I do have to say, since I have changed my diet, started juicing, exercising more, my hair is really healthy and strong. My nails which used to be brittle are also stronger and growing...to the point I've had to cut them which I never used to do since they would just break. Maybe it was the strong antibiotics, maybe it is my diet now what ever it is I do feel sad that I'm going to miss this feeling of feeling good. Yes the coconuts are an ever present feeling on my chest but even the tightness of them has started to be less noticeable.
I can only hope everything I'm doing now is going to help me get through the next few months of chemo and after that radiation.

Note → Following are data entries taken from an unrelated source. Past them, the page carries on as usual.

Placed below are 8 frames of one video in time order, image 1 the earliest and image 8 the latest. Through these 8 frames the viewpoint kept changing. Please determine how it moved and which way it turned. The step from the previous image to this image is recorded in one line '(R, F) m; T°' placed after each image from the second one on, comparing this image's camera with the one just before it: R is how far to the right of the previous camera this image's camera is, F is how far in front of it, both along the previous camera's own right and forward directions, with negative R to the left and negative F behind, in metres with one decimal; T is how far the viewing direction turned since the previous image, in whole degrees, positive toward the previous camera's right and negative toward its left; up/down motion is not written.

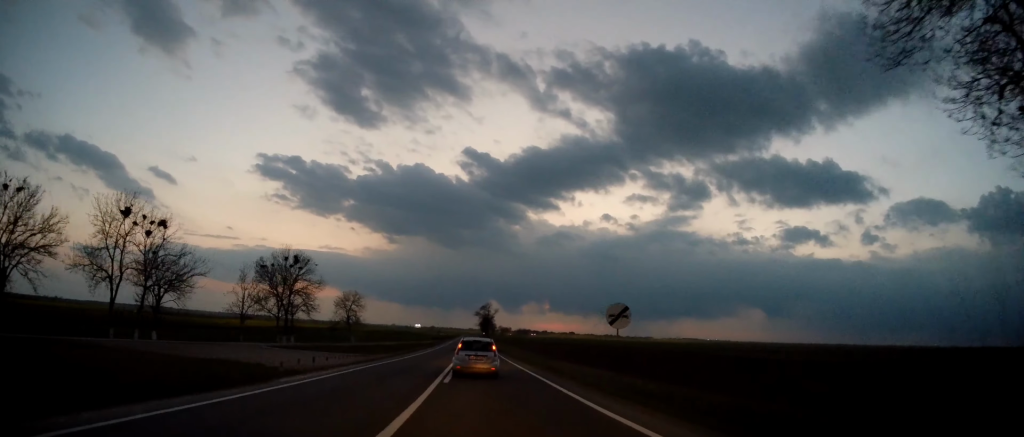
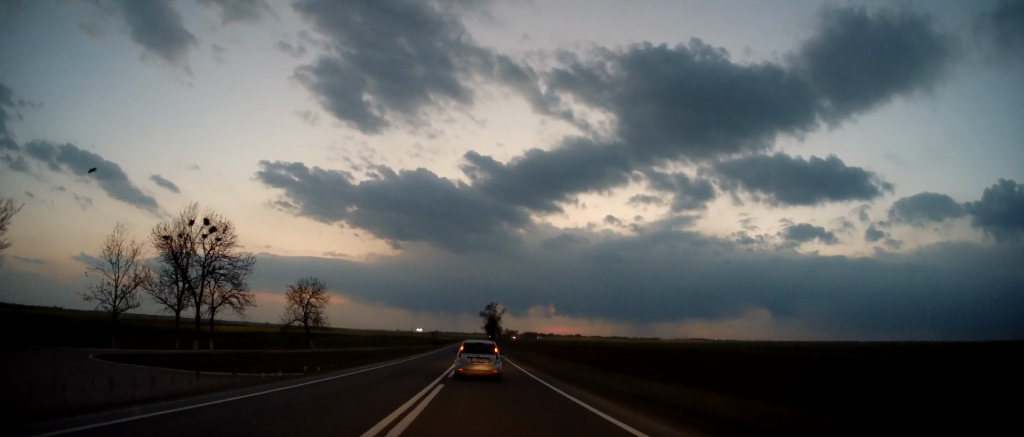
(-1.0, +23.0) m; -3°
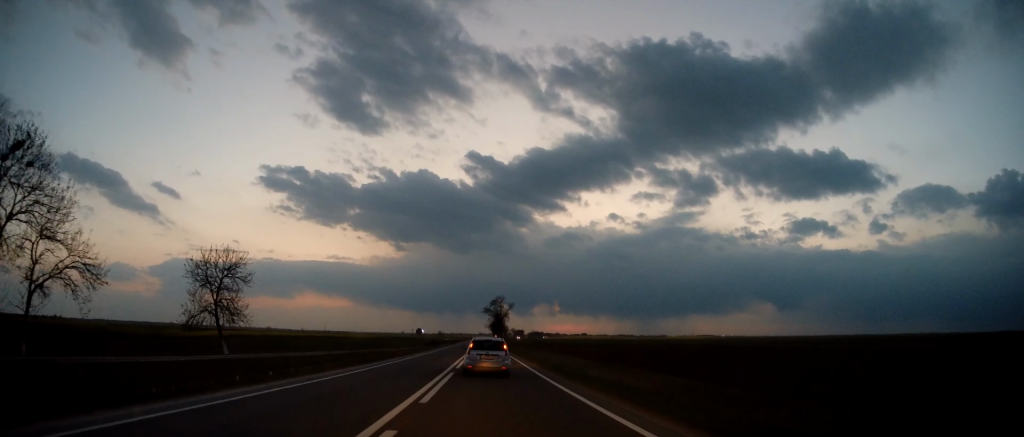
(-0.1, +23.2) m; +1°
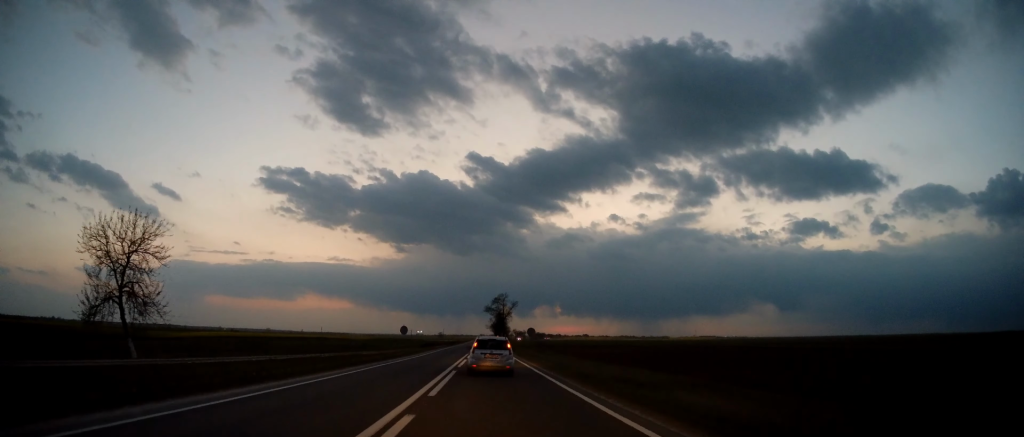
(+0.3, +12.5) m; 0°
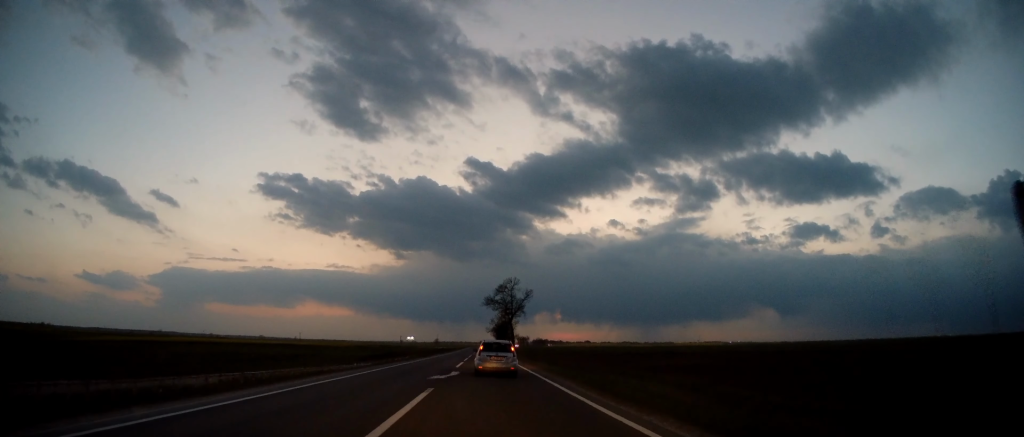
(-0.7, +46.8) m; 0°
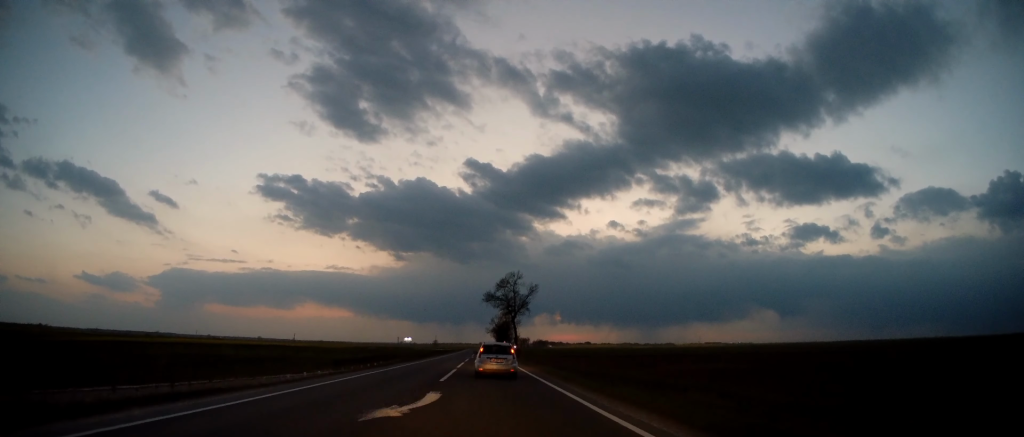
(-0.1, +10.1) m; +1°
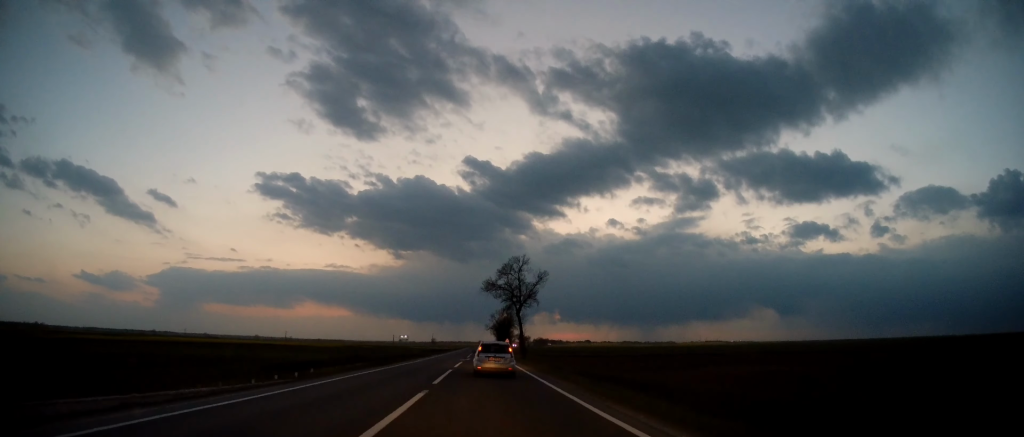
(+0.4, +14.7) m; 0°
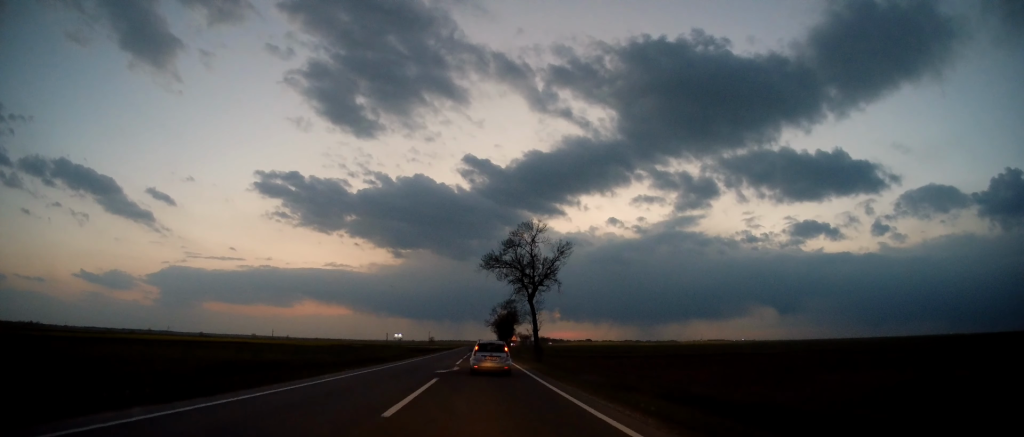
(-0.2, +20.9) m; -1°

I've started "the haircuts". I've cut my hair now in an A line cut. The back of my neck is cold! Next week I go real short and once I start to lose my hair, Grant has called dibs on shaving my head. That will be odd since I'm usually the one shaving his head for swimming. I know my hair will grow back once it is all done. So, on the road to chemo start...
April 19, 2011
latestmedical.com A short cut down the path of breast cancer information
During this journey of mine I have found there is a path women like me follow. Your diagnosed. Your in shock. Your scared beyond words. You become empowered to find out everything you can.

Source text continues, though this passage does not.